Ban on Hong Kong National Party over ‘armed revolution’ call met with both cheers and fear
The United States, Britain and European Union decry unprecedented decision to outlaw party, while Beijing and pro-establishment lawmakers in Hong Kong say move sends strong message not to test limits of the law
A Hong Kong separatist party was officially banned by the government on Monday on national security grounds, with Secretary for Security John Lee Ka-chiu saying its willingness to use force meant its pro-independence calls could not be regarded as mere “political rhetoric”.
Instead, the Hong Kong National Party’s (HKNP) statements could potentially motivate followers to “cause violence and public disorder”, and this was a “compelling” reason to take preventive action against them, he said.
The ban, which took effect immediately when the government published a gazette notice on Monday morning, came 10 days after the party and its convenor, Andy Chan Ho-tin, submitted their case against being outlawed.
It won support from Beijing and pro-establishment lawmakers but Hong Kong’s pro-democracy bloc decried the move as an infringement of civil liberties and warned it spelled danger for other political groups and activists.

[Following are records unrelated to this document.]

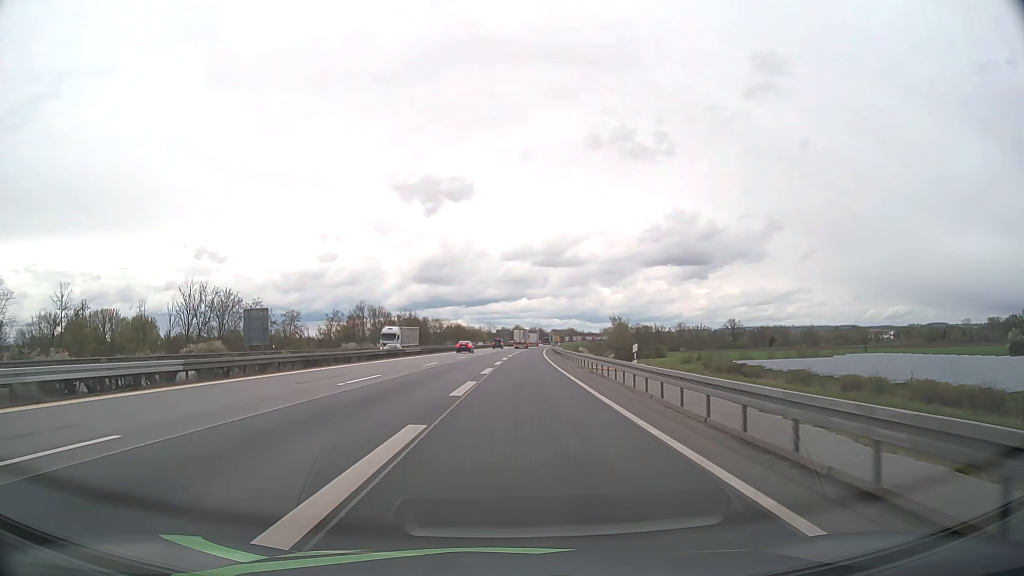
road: motorway_link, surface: asphalt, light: Day
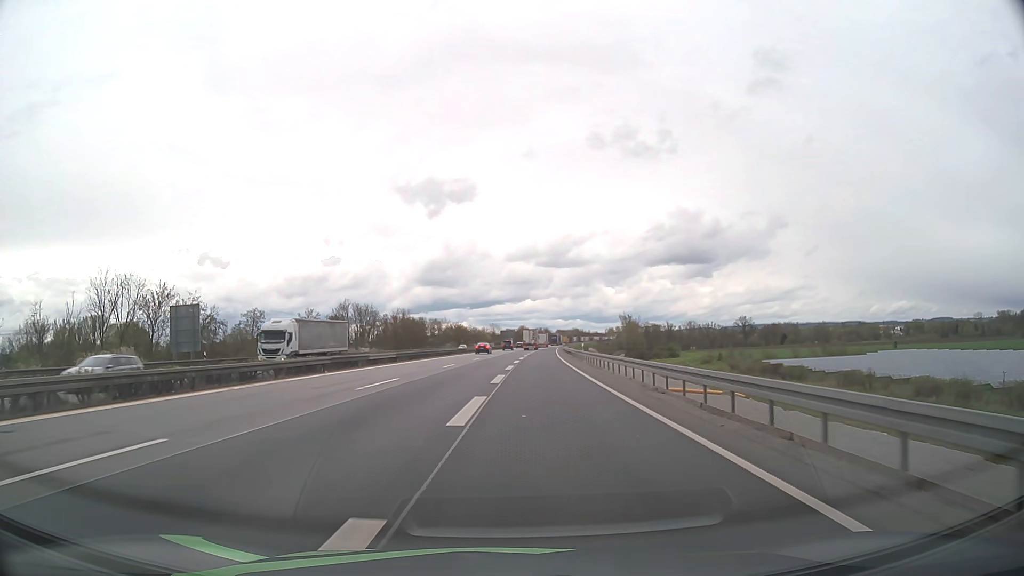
(0.0, +17.8) m; 0°
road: motorway
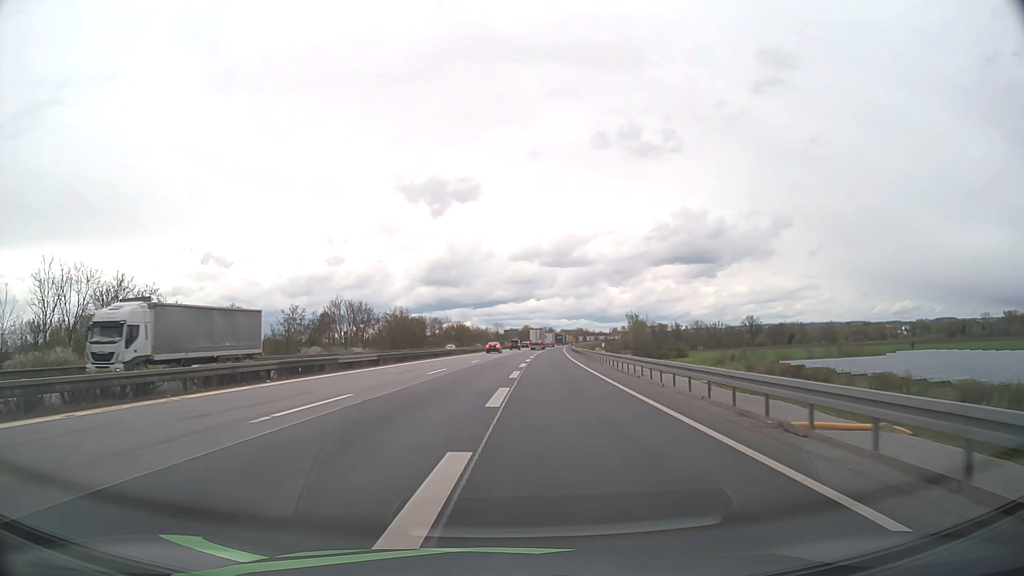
(0.0, +8.8) m; 0°
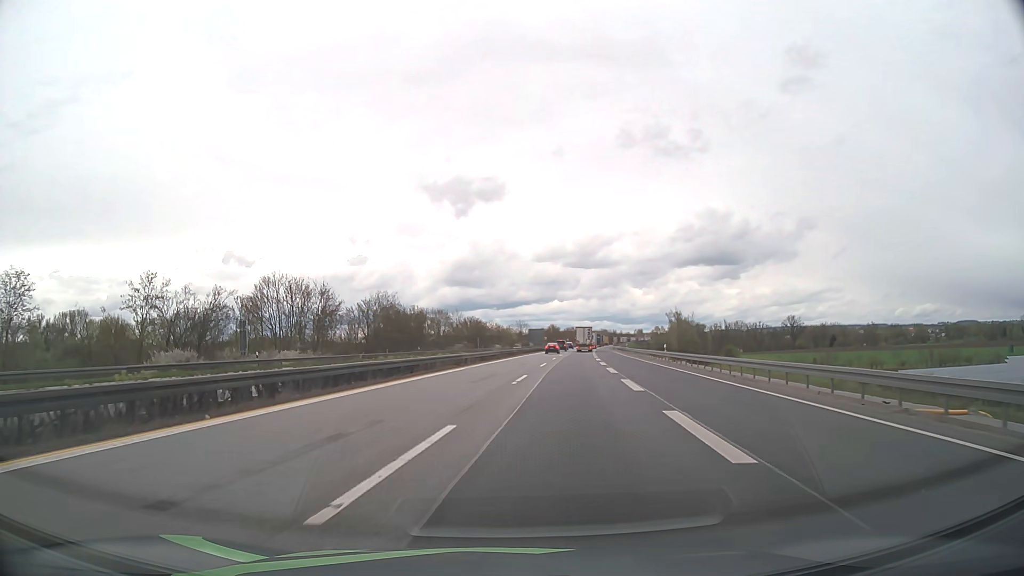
(-0.9, +43.0) m; -2°
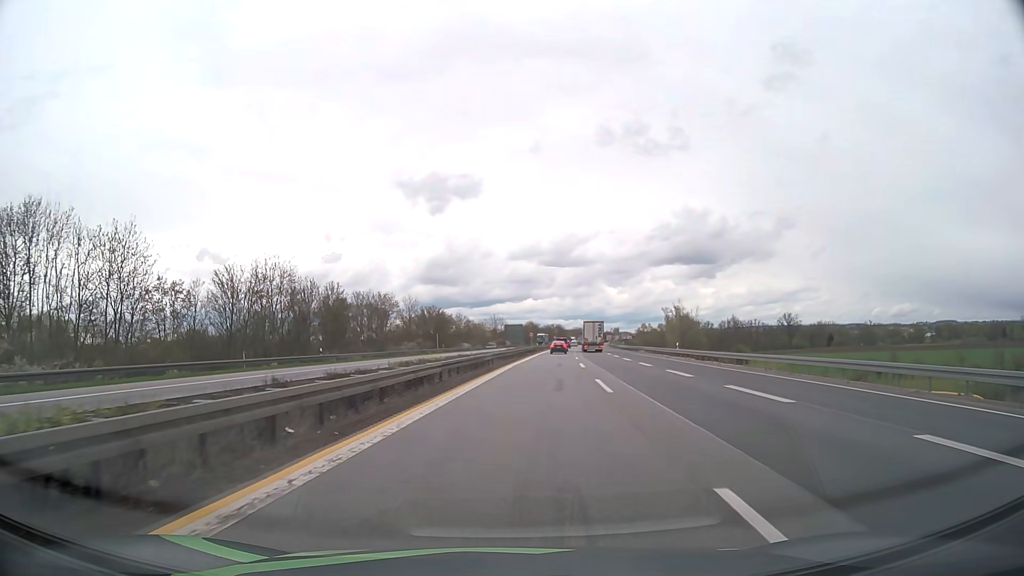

Under the ban, anyone who associates with the party by serving the group, participating in gatherings or providing financial assistance could be liable on conviction to a fine and jail sentence of two to three years.
It was not immediately clear if Hongkongers who expressed their views on the party on social media or journalists who interviewed party members and reported their remarks would be flouting the ban. Asked if it would delete the HKNP’s Facebook page, which has close to 30,000 followers, the social media giant declined to comment.
The minister assured Hongkongers the government was not clamping down on their freedoms, a concern that had emerged when police revealed in July their recommendation to slap an unprecedented ban on the party under the Societies Ordinance, further crushing an already marginalised pro-independence movement in the city.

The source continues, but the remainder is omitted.